Thanks for your input in advance!


----------



## Seki (Jul 10, 2012)

I have this kit! It's a great tank, solidly constructed. The hood is a bit flimsy, but for the price, it's hard to expect more. Here is my list of pros and cons.

Pros
- PRICE! Can't beat a price like that
- Good quality glass tank. Never had any issues with it
- Included hood has held up well enough for me

Cons
- Included bulbs suck. You will need new ones
- Included filter is a bit loud
- Vents on top are not the best and the hood gets very hot to the touch at times

I really like the tank, although I opted to go with a higher rated filter since I was using it for a sorority. I used the included filter in a different tank, but since it was in my bedroom, I found it a bit too loud for my taste. I prefer Aqueon Quietflow filters.

Hope that helps.


----------



## Wiggyl (Feb 13, 2014)

Thanks seki!

I might go with it... or I might opt for a sponge filter. I don't fully understand how to acquire one though. Is it just airline tubing and a sponge?


----------



## Neebles (Feb 16, 2014)

Yeah you can watch some diy videos on YouTube.
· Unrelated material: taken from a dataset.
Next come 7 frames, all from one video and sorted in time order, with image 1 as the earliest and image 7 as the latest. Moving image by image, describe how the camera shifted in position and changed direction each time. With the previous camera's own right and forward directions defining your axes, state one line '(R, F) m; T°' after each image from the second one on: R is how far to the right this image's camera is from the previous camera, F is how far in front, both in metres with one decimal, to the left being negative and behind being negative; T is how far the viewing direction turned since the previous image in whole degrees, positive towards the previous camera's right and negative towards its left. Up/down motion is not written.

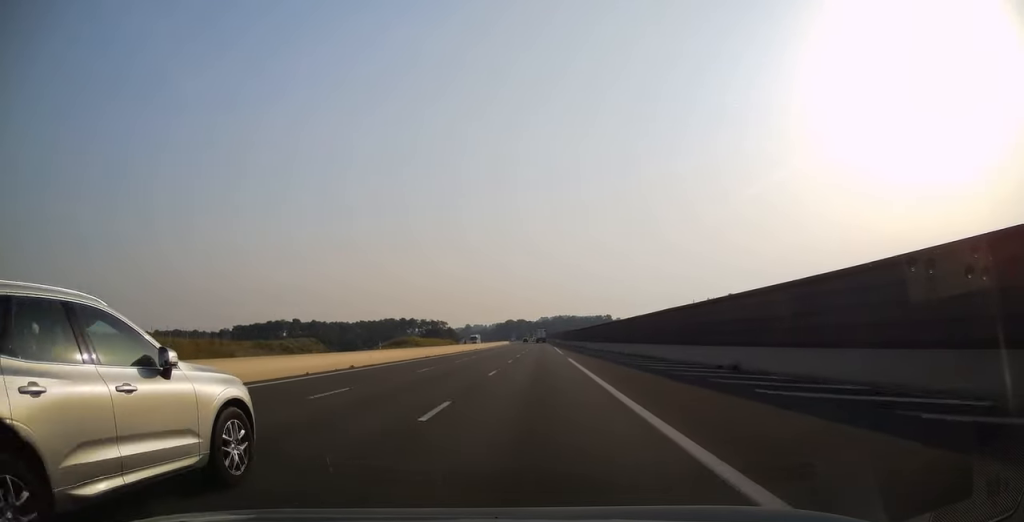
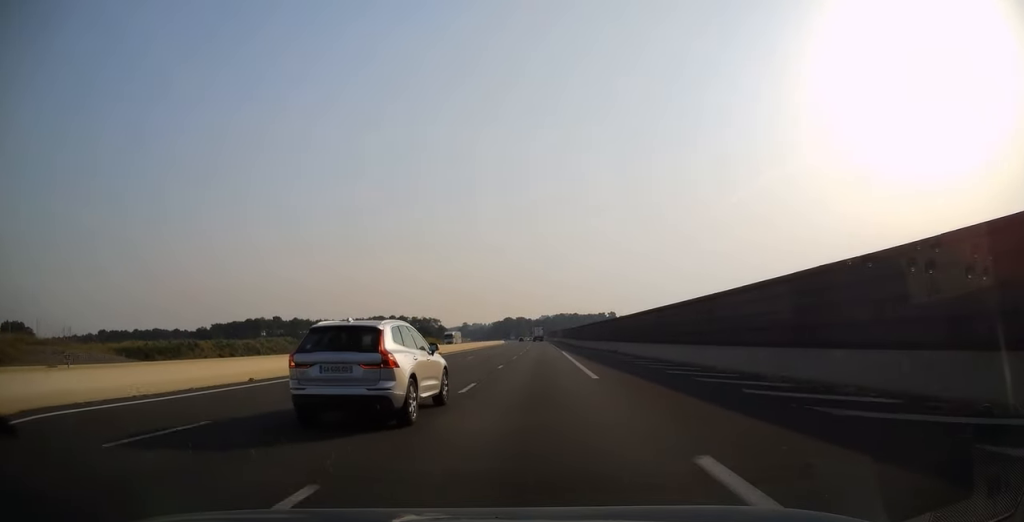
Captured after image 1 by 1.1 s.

I actually bought 4 sponge filters for 8 bucks total on eBay, so they can be had for cheap.


----------



## Rana (Apr 27, 2013)

I got the 10g kit from Walmart, I don't know how much it is anymore but mine's lasted three years, though I replaced the lightbulbs and filter (Filter died after an electrical surge but it lasted a year prior to that).

As for sponge filters, they're great. There are three parts- the actual filter, which can be as simple as a sponge with a plastic tube, the airline filter, and the air pump. The pump will be the most expensive part and they can last for years. You might want a check valve if your pump will be lower than the water level, otherwise water could run down the tubing if the pump stops. A backup battery pump is also a good idea if you have non-bettas in the tank, since then you can still aerate the water in a power-outage.


----------



## Bailmint (Jun 15, 2013)

I have 2 of those! [Igneel and Milo] The filter is great, haven't had problems with it. Like Seki said, the hood is a bit flimsy but it does it's job. The price is great, the light bulbs do need to get more sooner or later, and the tank overheats with the lightbulbs sometimes so I only put one in xD. But I think it's an awesome tank C:


----------



## BlueLacee (Dec 8, 2013)

Awsome, I'm going to see if mine has this next time, if I ever convince my parents to let me get a ten gallon for either boys or a small sorority. Done all the reaserch


----------



## esun1993 (Mar 1, 2014)

I have been eyeing this tank, but when I went to my local Petsmart it was sold out. I guess it's a really popular tank!


----------